- [Task instructions] Give the number of lines in the data below where the word "ripe" appears, and nothing besides.

Saved entries
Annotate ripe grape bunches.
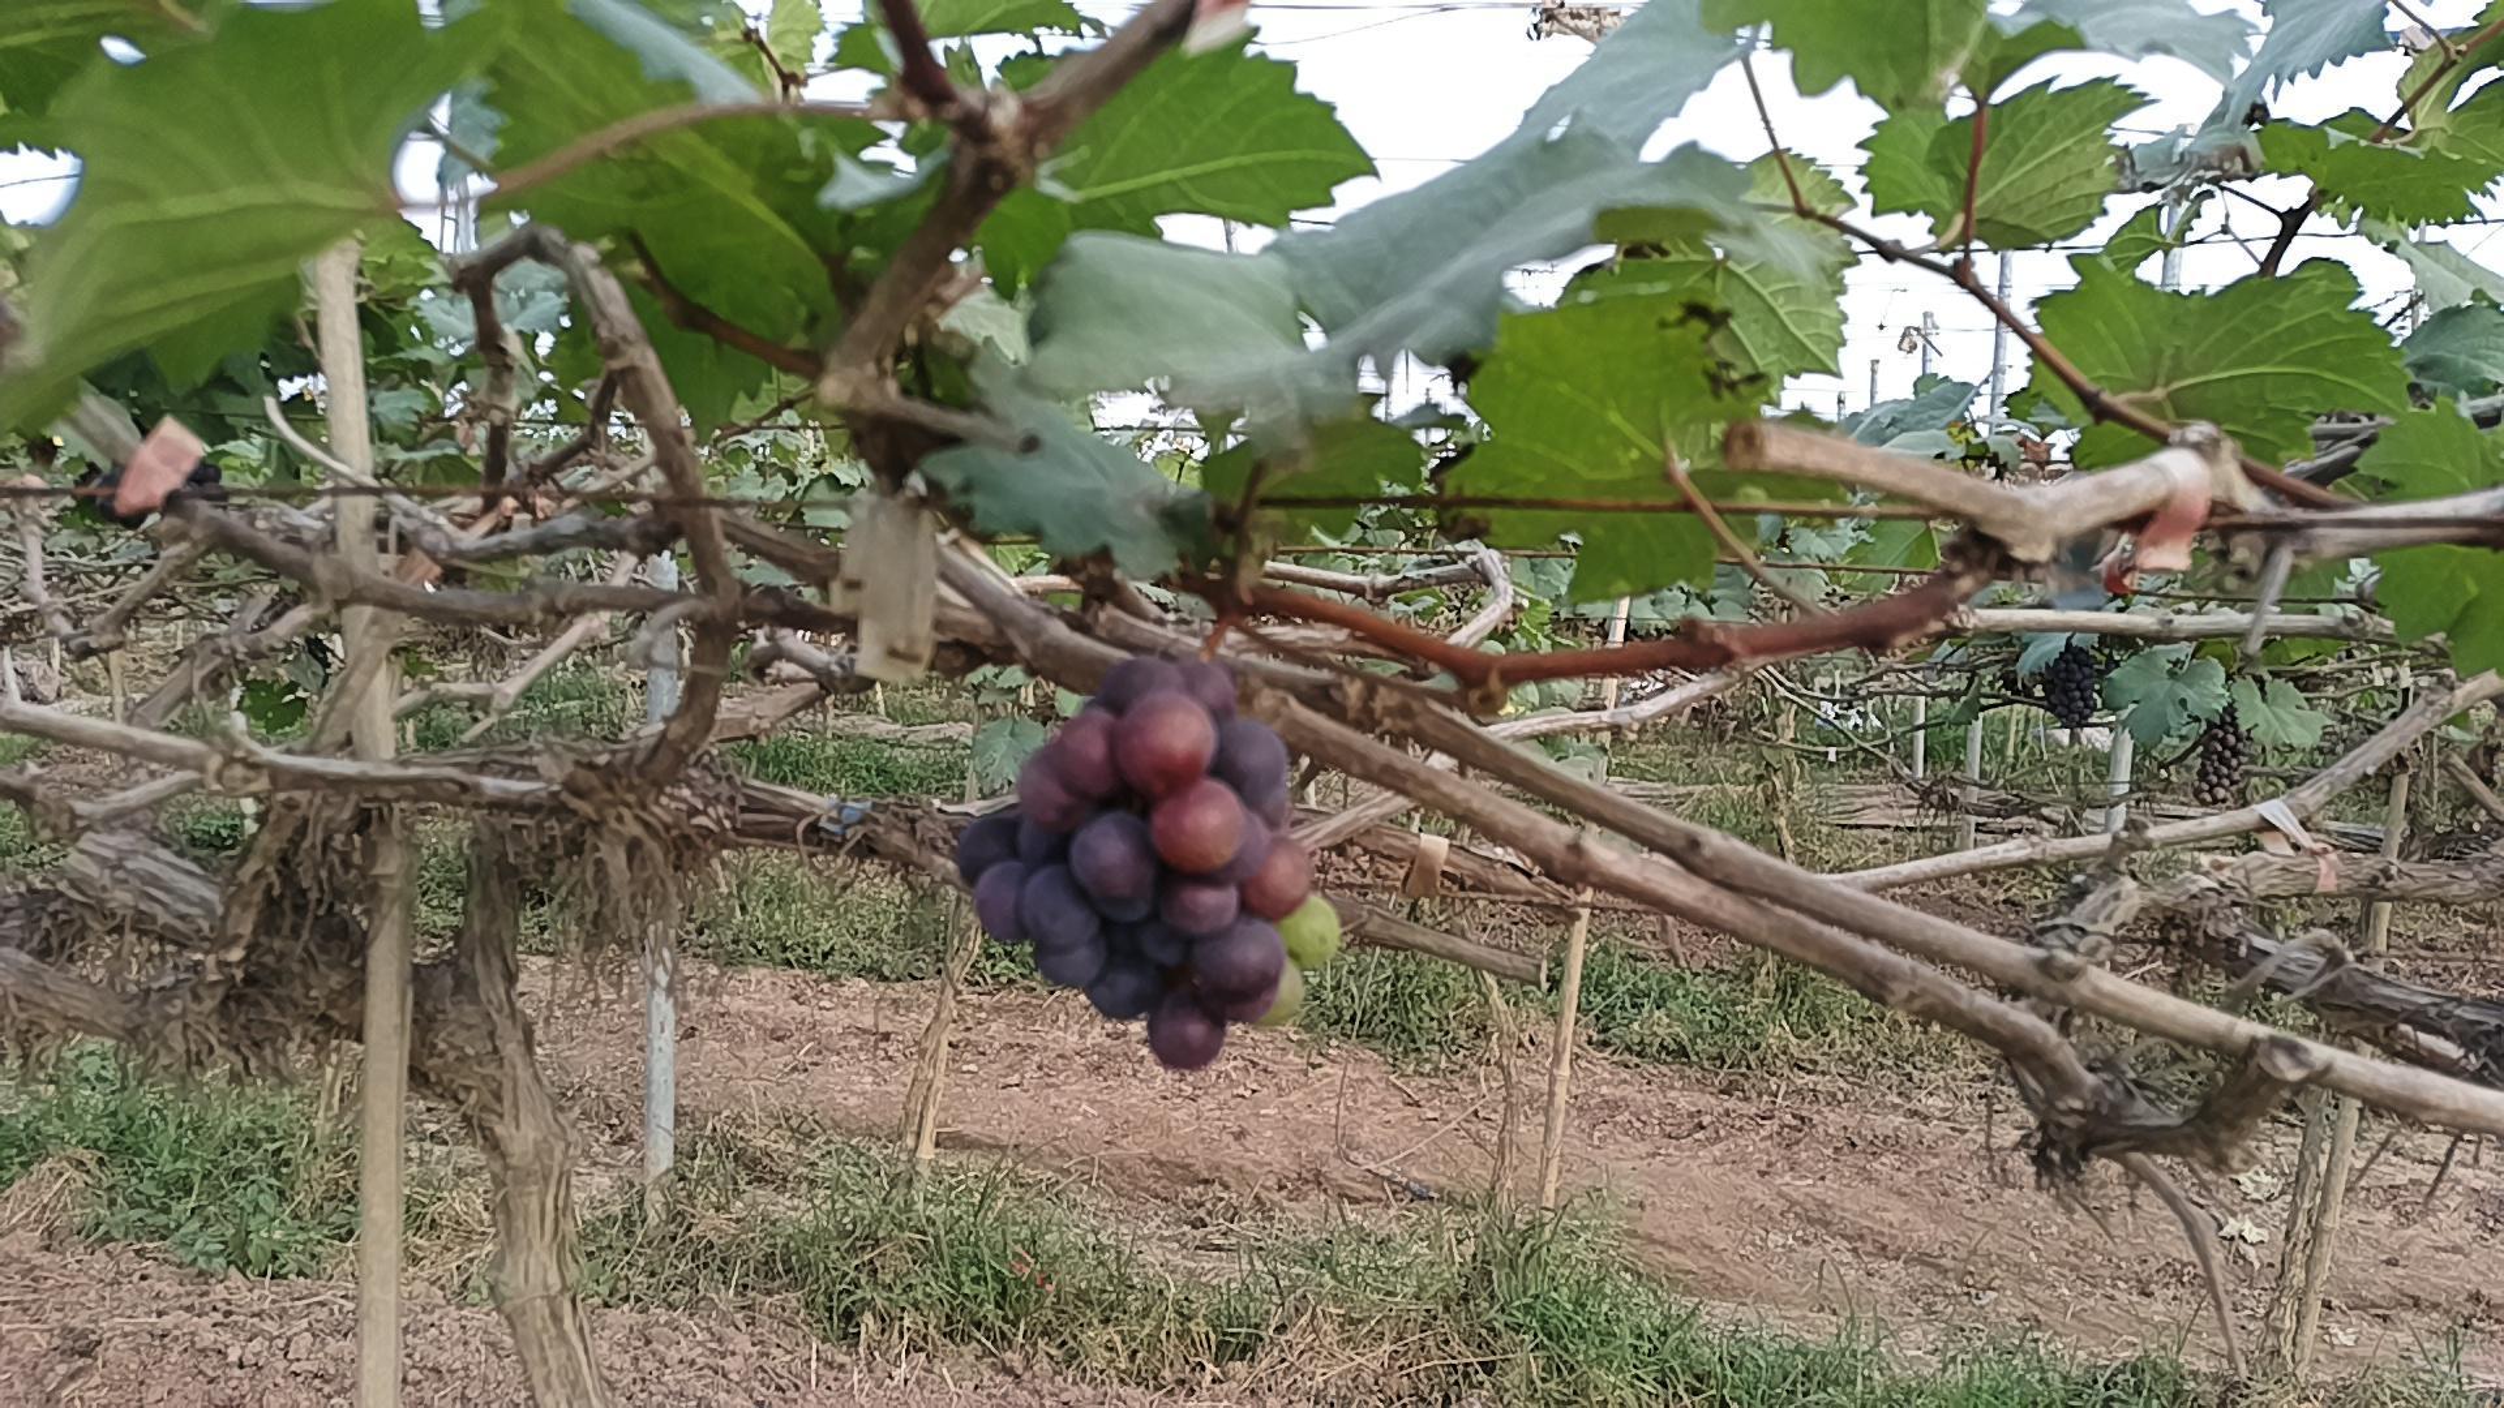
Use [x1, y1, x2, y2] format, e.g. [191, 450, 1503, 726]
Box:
[2029, 635, 2110, 731]
[2194, 695, 2267, 803]
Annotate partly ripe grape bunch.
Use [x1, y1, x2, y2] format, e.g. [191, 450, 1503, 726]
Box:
[956, 657, 1338, 1068]
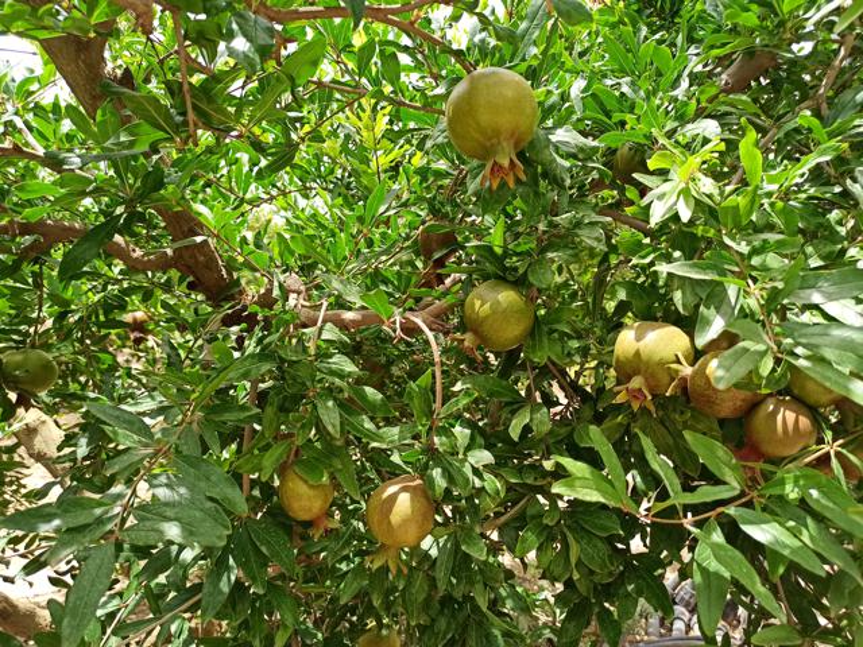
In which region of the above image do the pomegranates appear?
[364,473,436,577]
[276,468,344,543]
[0,348,59,412]
[446,66,539,191]
[725,395,819,481]
[417,232,456,286]
[609,321,696,418]
[789,371,845,406]
[661,349,769,421]
[450,279,535,364]
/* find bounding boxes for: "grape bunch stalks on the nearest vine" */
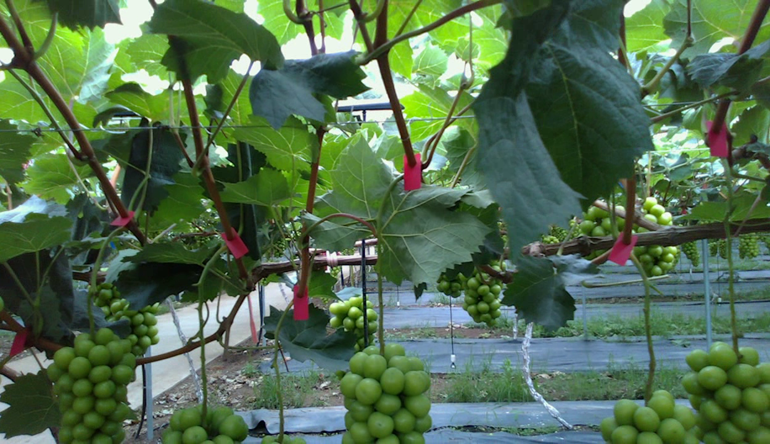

- [Task solution] 2